Is her litter tray near her food and water? If she's a small kitten it's possible she doesn't make it in time and needs to have more boxes in the house. If you have a #### it could be the #### that is upsetting her or making her uncomfortable. She needs to have them in quiet places where she feels private, be sure to show her the boxes a few times and scratch her paws in them with verbal praise. The hall is usually a well traveled active area and not the best place for a litter tray for privacy.

Also kittens tend to use the litter tray fairly soon after they eat. You could place a poo that didn't make it to the tray into the tray you want her in. Then you could stick a round when she has her food. When she finishes place her in her tray and scratch her paws for her. Keep her confined to the area with the litter box but make sure it's not next to the food but still fairly near by, like across the room in a quiet place. For example, if she eats in the kitchen, place a litter box near by in the kitchen and close her in the kitchen for a little while. You may need to play with her to get her bowels moving. Another option would be to place her in a small room, like the bathroom with her food/water on one side and the litter tray on the other over night or in the day when you are not there. Just until she gets the idea.

Be sure you are cleaning the dishes and area well to remove any fecal matter and odour as this could tempt her back to these areas. Try not to use bleach or ammonia, there are cleaners for this sort of thing, Urine Off, Safe4 and Trigene. You can also buy a product called Cat Attract which is a litter enhanced with odours to attract kitties to use the litter. Most of these you can find online.


----------



## Taylorbaby (Jan 10, 2009)

hmm thats odd to do it in her water bowl?

Have you taken her to the vet just incase she isnt well?

Only keep her in one room for the first weks of having her as that is big enough for akitten, asfter playing/food/water even every hour take her in the tray & get her front paws and dig with them, if she poos elsewhere put it in there so she can smell it and dig again.

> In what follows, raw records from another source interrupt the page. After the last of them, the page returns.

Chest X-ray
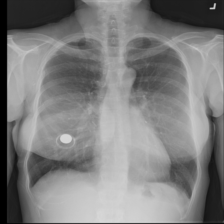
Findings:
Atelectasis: negative
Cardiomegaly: negative
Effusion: negative
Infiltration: positive
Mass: negative
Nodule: negative
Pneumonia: negative
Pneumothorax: negative
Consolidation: negative
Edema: negative
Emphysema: negative
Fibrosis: negative
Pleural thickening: negative
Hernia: negative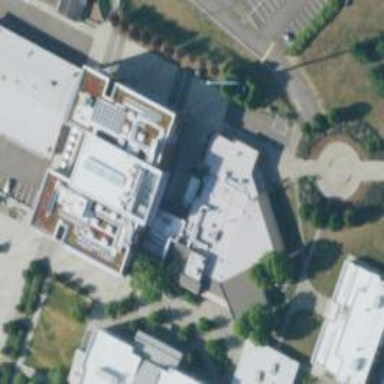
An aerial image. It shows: College building.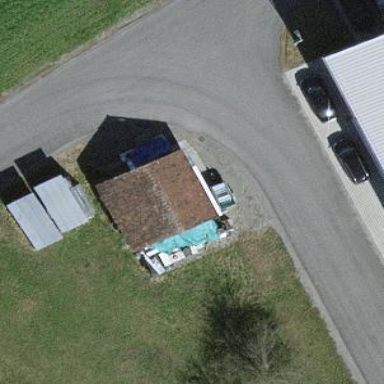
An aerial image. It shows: Shed.

she might be very stressed aswell, the breeder doesnt sound to helpful


----------



## Shmitty! (Feb 9, 2009)

Weird, my two cats used to crap on my bloody bed when I got them and they weere 6 mnths old, it took ages to make them use the tray and cost me alot in Duvets and laundrettes as well. I dunno why they did it I only know it stopped eventually after getting them two trays and keeping them exeptionally clean for the cats. I'd try removing the water bowl, giving her a drink to have somewhere else, and keeping the tray clean at all times, and just remining her where it is alot.


----------



## xlaurapx (Dec 17, 2008)

when i got my casper, he is now 6 months he would wee in the litter tray but poo anywher but and i eventually tried a different litter, i just put him in the tray as soon as i had switched the litter over and he did his business straight away . Still don't understand why he would wee in there but not poo???


----------



## Saikou (Apr 2, 2008)

If you are using a different cat litter to her breeder, then I would change back to what she is used to. Then if you want to change it, do it gradually over time, by adding in yours and gradually increase the proportions.

Also does she only have one tray ? Some cats don't like to wee and poo in the same place. You could try adding another tray see if that makes a difference.


----------



## bimbam (Dec 19, 2008)

Agree with most of what has been said but you could try a Feliway plug in diffuser to help her settle. I do think a trip to the vet for a check up may be a good idea though.


----------